(Saved entries)

▽

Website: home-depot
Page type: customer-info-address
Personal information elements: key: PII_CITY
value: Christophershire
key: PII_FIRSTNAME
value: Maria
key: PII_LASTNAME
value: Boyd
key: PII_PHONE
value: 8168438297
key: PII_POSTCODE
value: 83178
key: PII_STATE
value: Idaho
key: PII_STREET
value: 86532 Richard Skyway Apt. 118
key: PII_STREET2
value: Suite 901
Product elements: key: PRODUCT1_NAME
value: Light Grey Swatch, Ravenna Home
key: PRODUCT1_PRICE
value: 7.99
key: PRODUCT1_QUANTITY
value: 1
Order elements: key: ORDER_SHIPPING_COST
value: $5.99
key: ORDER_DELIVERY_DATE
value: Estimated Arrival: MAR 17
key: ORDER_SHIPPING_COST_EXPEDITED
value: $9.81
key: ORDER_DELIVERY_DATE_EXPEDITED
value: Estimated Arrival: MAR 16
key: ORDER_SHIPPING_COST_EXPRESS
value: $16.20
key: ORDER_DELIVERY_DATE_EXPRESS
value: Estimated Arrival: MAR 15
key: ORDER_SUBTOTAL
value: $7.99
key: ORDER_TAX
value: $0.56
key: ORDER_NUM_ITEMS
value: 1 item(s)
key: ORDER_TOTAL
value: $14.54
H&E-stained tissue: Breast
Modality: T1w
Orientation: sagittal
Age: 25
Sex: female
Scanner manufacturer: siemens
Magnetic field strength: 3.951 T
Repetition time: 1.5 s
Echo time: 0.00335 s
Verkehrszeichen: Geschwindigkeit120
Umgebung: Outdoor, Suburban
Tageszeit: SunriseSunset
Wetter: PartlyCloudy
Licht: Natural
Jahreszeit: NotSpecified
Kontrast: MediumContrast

△
▽

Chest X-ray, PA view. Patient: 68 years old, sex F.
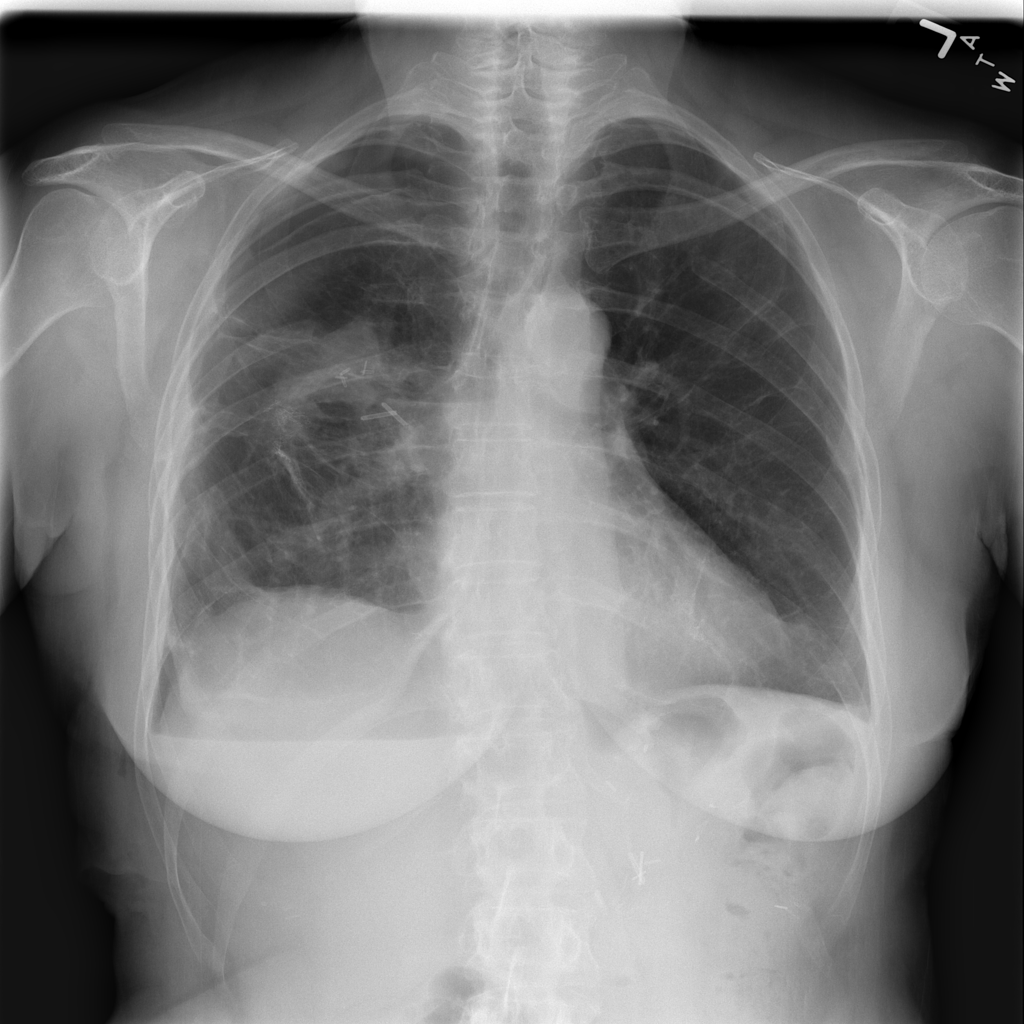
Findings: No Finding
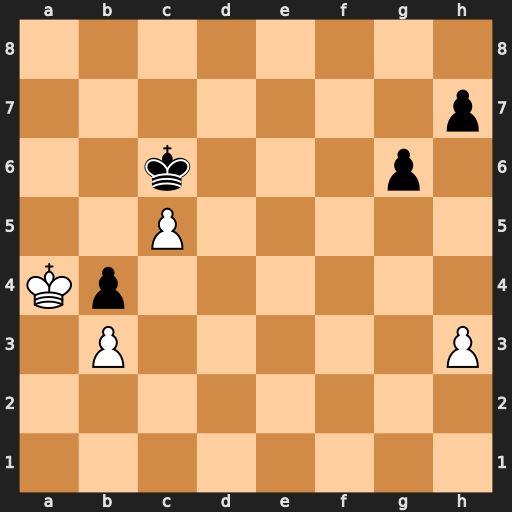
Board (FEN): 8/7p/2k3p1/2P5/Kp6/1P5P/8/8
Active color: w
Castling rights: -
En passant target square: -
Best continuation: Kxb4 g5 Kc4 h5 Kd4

△

* **EXERCISE BRIEF**
Will you return exactly the lines above from the one with "value: $14.54" down to the one with "Repetition time: 1.5 s", counting both as part of the range?

* **RESULT FOR THIS EXERCISE**
value: $14.54
H&E-stained tissue: Breast
Modality: T1w
Orientation: sagittal
Age: 25
Sex: female
Scanner manufacturer: siemens
Magnetic field strength: 3.951 T
Repetition time: 1.5 s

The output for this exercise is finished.